Kreyren/kreyren

ZOTAC GTX 970 AMP Omega

Opened this issue · 7 comments

image

Was using this in dreamon when i suddenly got kicked from X11 and it stopped working on nvidia and on nouveau and on llvmpipe i get these green dots all over the screen:

image

At the time of failure the GPU's fans were powered from 12VDC external PSU keeping them at 100%, these fans are not connected to the PCB.

VRAM|100x100

GPU Core|100x100

Hypothesis

Sudden death of a VRAM

Known issues

VRAM overheating

This GPU had issues with VRAM overheating before that caused it to fail-safe as the VRAM is just passively cooled using a 1mm alluminimum plate.

Diagnostics

[CONFIRMED] Conductive dust?

The GPU had more dust then i would like so it's possible that these were causing a short.


TODO

  • Handle the VRAM overheating issue

Help-wanted: Suggestions to handle the VRAM overheating appreciated.

DISCLAIMER: Don't do this, not to be used for training.

SOLVED: Conductive dust was causing a signal to hug up

I put it in a sonic cleaner which didn't fix the issue, but seemed to reduce the amount of fragmentation on the screen.. Did two more passes without any major improvement..

So i did this

image

then back to sonic cleaner filled with isopropyl alcohol 99.6% and dried with a hot air and now it works.

I believe that the dust was probably trapped below the VRAM or some component where the sonic cleaner wasn't able to get to easily, but pressured water from a shower head set to jet did.

FWIW The water is reverse osmosis going through a filter and de-gasser.. woudn't do this with a regular tap water due to the risk of minerals sticking to the components.

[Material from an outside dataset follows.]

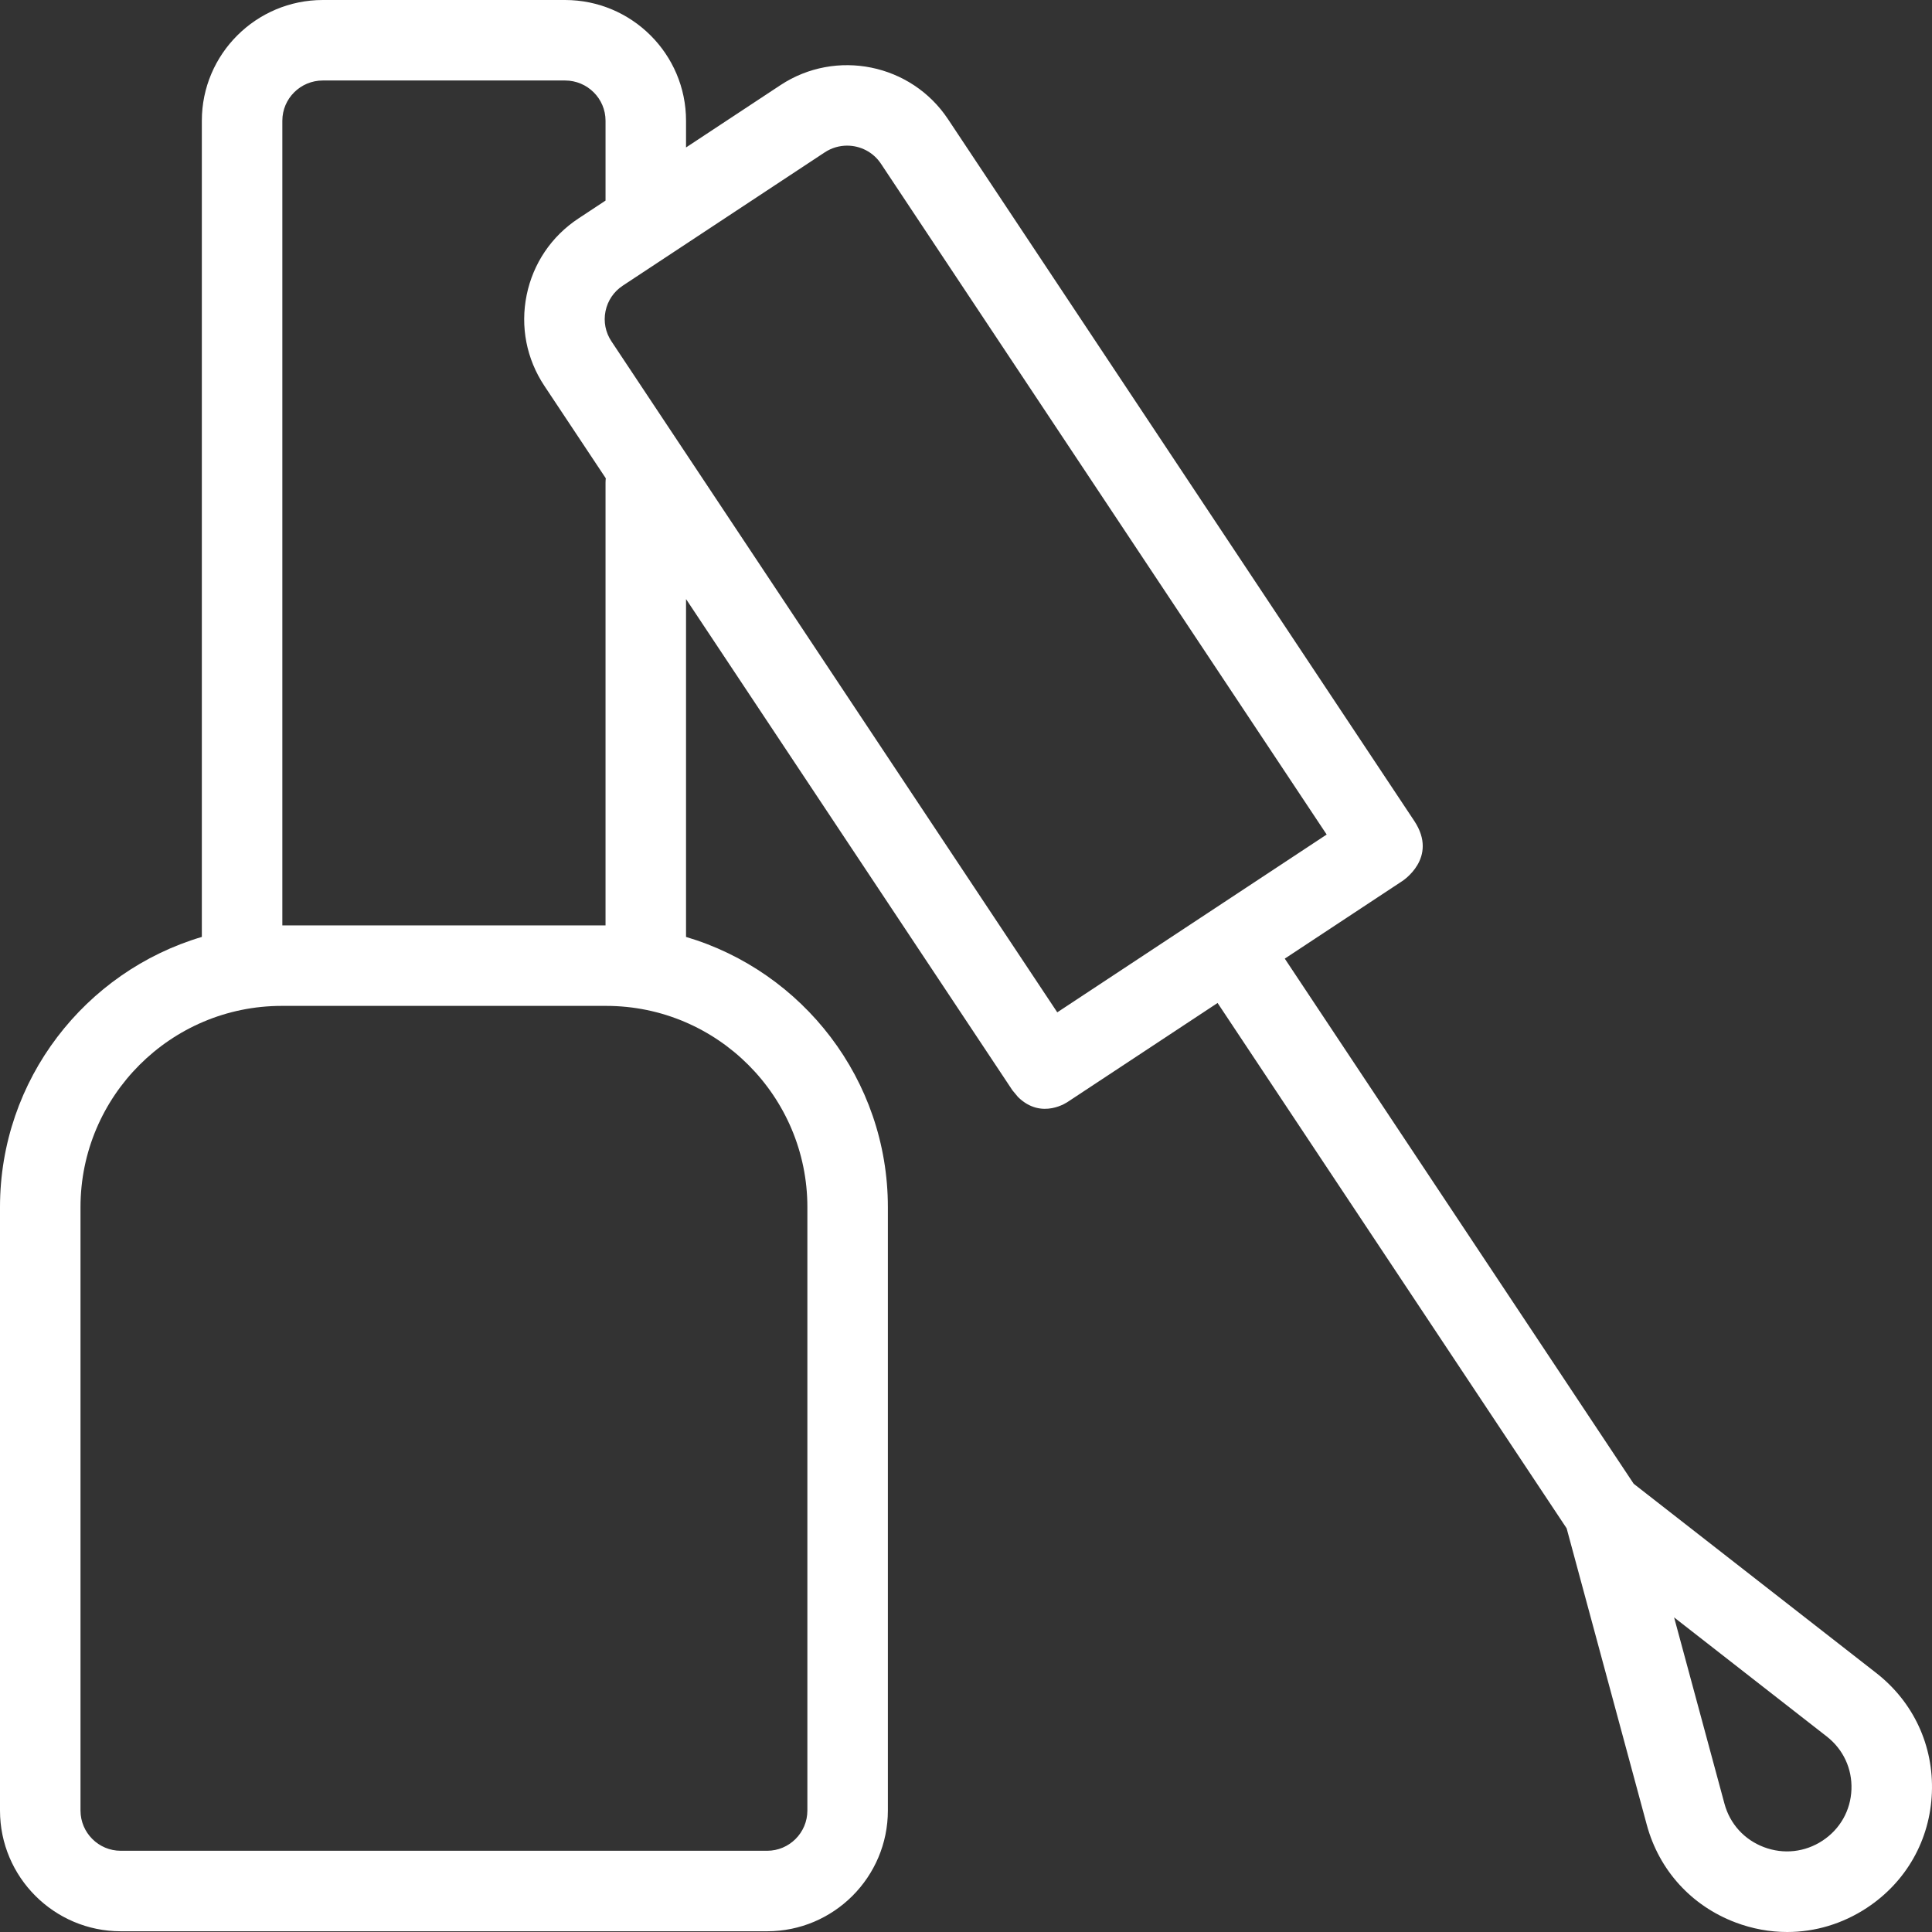 <?xml version="1.0" encoding="UTF-8"?> <svg xmlns="http://www.w3.org/2000/svg" width="280" height="280" viewBox="0 0 280 280" fill="none"><rect x="0" y="0" width="280" height="280" fill="#333333" stroke="none"/> <path d="M271.923 242.466L236.767 215.04L186.199 138.931L203.195 127.714C203.195 127.714 208.541 124.359 204.96 118.965C200.351 112.023 137.391 17.268 137.391 17.268C132.053 9.236 121.158 7.025 113.102 12.343L99.425 21.37V17.495C99.425 7.848 91.559 0 81.891 0H46.787C37.119 0 29.252 7.848 29.252 17.495V135.786C12.36 140.791 0 156.452 0 174.946V262.395C0 272.044 7.85 279.894 17.5 279.894H111.177C120.827 279.894 128.677 272.044 128.677 262.395V174.945C128.677 156.452 116.318 140.79 99.425 135.786V86.82L146.729 158.015C146.729 158.016 147.537 158.986 147.537 158.986C151.002 162.395 154.789 159.663 154.79 159.662C154.793 159.661 176.462 145.358 176.462 145.358L227.049 221.495L238.662 264.456C240.439 271.035 245.123 276.195 251.509 278.611C253.966 279.541 256.503 280 259.02 280C263.062 280 267.053 278.814 270.573 276.492C276.283 272.723 279.713 266.647 279.983 259.822C280.253 253 277.315 246.673 271.923 242.466ZM40.919 17.495C40.919 14.28 43.552 11.665 46.787 11.665H81.891C85.126 11.665 87.759 14.281 87.759 17.495V29.07L83.834 31.66C79.923 34.242 77.256 38.19 76.324 42.775C75.393 47.355 76.305 52.023 78.893 55.919L87.795 69.316C87.771 69.532 87.758 69.752 87.758 69.974V134.115H40.919V17.495ZM117.011 174.946V262.395C117.011 265.611 114.394 268.228 111.177 268.228H17.5C14.284 268.228 11.667 265.611 11.667 262.395V174.946C11.667 158.864 24.751 145.781 40.833 145.781H87.844C103.927 145.781 117.011 158.864 117.011 174.946ZM153.228 146.715L88.611 49.462C87.751 48.168 87.447 46.618 87.756 45.099C88.066 43.573 88.956 42.258 90.261 41.397L119.529 22.08C120.527 21.422 121.654 21.107 122.769 21.107C124.675 21.107 126.545 22.027 127.673 23.725L192.27 120.947L153.228 146.715ZM268.325 259.361C268.205 262.387 266.682 265.082 264.145 266.756C261.597 268.438 258.495 268.78 255.637 267.7C252.796 266.625 250.714 264.333 249.924 261.412L242.624 234.406L264.747 251.665C267.141 253.533 268.445 256.337 268.325 259.361Z" fill="white"></path> </svg>

Also did a VRAM stress test

kreyren@dreamon:~/Downloads/memtestG80$ sudo ./memtestG80 3500 5
     -------------------------------------------------------------
     |                      MemtestG80 v1.00                     |
     |                                                           |
     | Usage: memtestG80 [flags] [MB GPU RAM to test] [# iters]  |
     |                                                           |
     | Defaults: GPU 0, 128MB RAM, 50 test iterations            |
     | Amount of tested RAM will be rounded up to nearest 2MB    |
     -------------------------------------------------------------

      Available flags:
        --gpu N ,-g N : run test on the Nth (from 0) CUDA GPU
        --license ,-l : show license terms for this build

Running 5 iterations of tests over 3500 MB of GPU memory on card 0: GeForce GTX 970

Running memory bandwidth test over 20 iterations of 1750 MB transfers...
	Estimated bandwidth 89171.97 MB/s

Test iteration 1 (GPU 0, 3500 MiB): 0 errors so far
	Moving Inversions (ones and zeros): 0 errors (161 ms)
	Memtest86 Walking 8-bit: 0 errors (1275 ms)
	True Walking zeros (8-bit): 0 errors (640 ms)
	True Walking ones (8-bit): 0 errors (638 ms)
	Moving Inversions (random): 0 errors (160 ms)
	Memtest86 Walking zeros (32-bit): 0 errors (2550 ms)
	Memtest86 Walking ones (32-bit): 0 errors (2554 ms)
	Random blocks: 0 errors (288 ms)
	Memtest86 Modulo-20: 0 errors (5342 ms)
	Logic (one iteration): 0 errors (82 ms)
	Logic (4 iterations): 0 errors (87 ms)
	Logic (shared memory, one iteration): 0 errors (82 ms)
	Logic (shared-memory, 4 iterations): 0 errors (87 ms)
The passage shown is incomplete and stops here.